**WORK REQUEST**
Would you copy each line of the data below that has "instances"?

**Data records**
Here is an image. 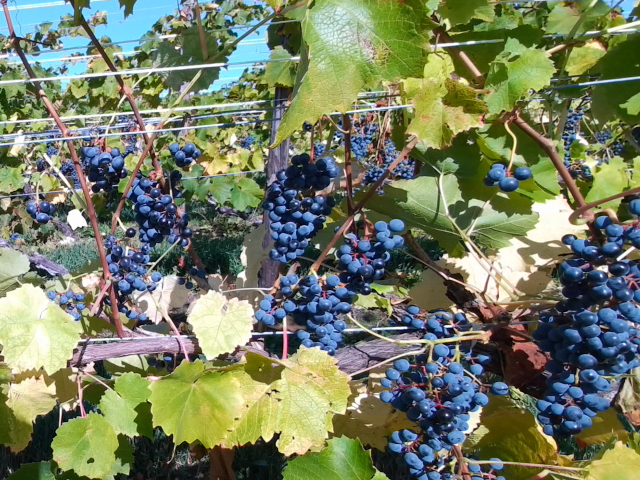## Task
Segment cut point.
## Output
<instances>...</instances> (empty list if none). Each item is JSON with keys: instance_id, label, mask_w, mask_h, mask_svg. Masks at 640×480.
<instances>
[{"instance_id": "6a23745f", "label": "cut point", "mask_w": 640, "mask_h": 480, "mask_svg": "<svg viewBox=\"0 0 640 480\" xmlns=\"http://www.w3.org/2000/svg\"><path fill=\"white\" fill-rule=\"evenodd\" d=\"M61 146H62V142H59L58 151H57L56 157L54 158L53 161L50 162L49 167L45 171L41 172V177H44V175L49 173L53 169V165L57 163L58 159L60 158V154H61Z\"/></svg>"}, {"instance_id": "7d7e1d6f", "label": "cut point", "mask_w": 640, "mask_h": 480, "mask_svg": "<svg viewBox=\"0 0 640 480\" xmlns=\"http://www.w3.org/2000/svg\"><path fill=\"white\" fill-rule=\"evenodd\" d=\"M511 122V118H507L506 122L504 123V129L509 133V135L514 138V142H513V149L512 152L516 151V144H517V135H515L511 129L508 127V124Z\"/></svg>"}, {"instance_id": "deb38ca7", "label": "cut point", "mask_w": 640, "mask_h": 480, "mask_svg": "<svg viewBox=\"0 0 640 480\" xmlns=\"http://www.w3.org/2000/svg\"><path fill=\"white\" fill-rule=\"evenodd\" d=\"M473 333L481 334V333H484V332H481L479 330H470V331H465V332H462V333H458L457 337H461V336L468 335V334H473Z\"/></svg>"}, {"instance_id": "40658cd0", "label": "cut point", "mask_w": 640, "mask_h": 480, "mask_svg": "<svg viewBox=\"0 0 640 480\" xmlns=\"http://www.w3.org/2000/svg\"><path fill=\"white\" fill-rule=\"evenodd\" d=\"M182 117H184V114H179V115H177V116L170 117V118H168V120H166V121H165V124H164L163 126H166V125H167V124H169L171 121H173V120H175V119H180V118H182Z\"/></svg>"}, {"instance_id": "1e8049ac", "label": "cut point", "mask_w": 640, "mask_h": 480, "mask_svg": "<svg viewBox=\"0 0 640 480\" xmlns=\"http://www.w3.org/2000/svg\"><path fill=\"white\" fill-rule=\"evenodd\" d=\"M125 98H126V95L124 94V95L120 98V100L118 101V103H117L116 107L114 108V113H117V111L119 110V108H120V106H121V104H122L123 100H125Z\"/></svg>"}, {"instance_id": "20b288c4", "label": "cut point", "mask_w": 640, "mask_h": 480, "mask_svg": "<svg viewBox=\"0 0 640 480\" xmlns=\"http://www.w3.org/2000/svg\"><path fill=\"white\" fill-rule=\"evenodd\" d=\"M349 229V224L346 226V228L343 231V235L346 239L351 240V237L347 235V231Z\"/></svg>"}]
</instances>

**SOLUTION**
<instances>...</instances> (empty list if none). Each item is JSON with keys: instance_id, label, mask_w, mask_h, mask_svg. Masks at 640×480.
<instances>
</instances>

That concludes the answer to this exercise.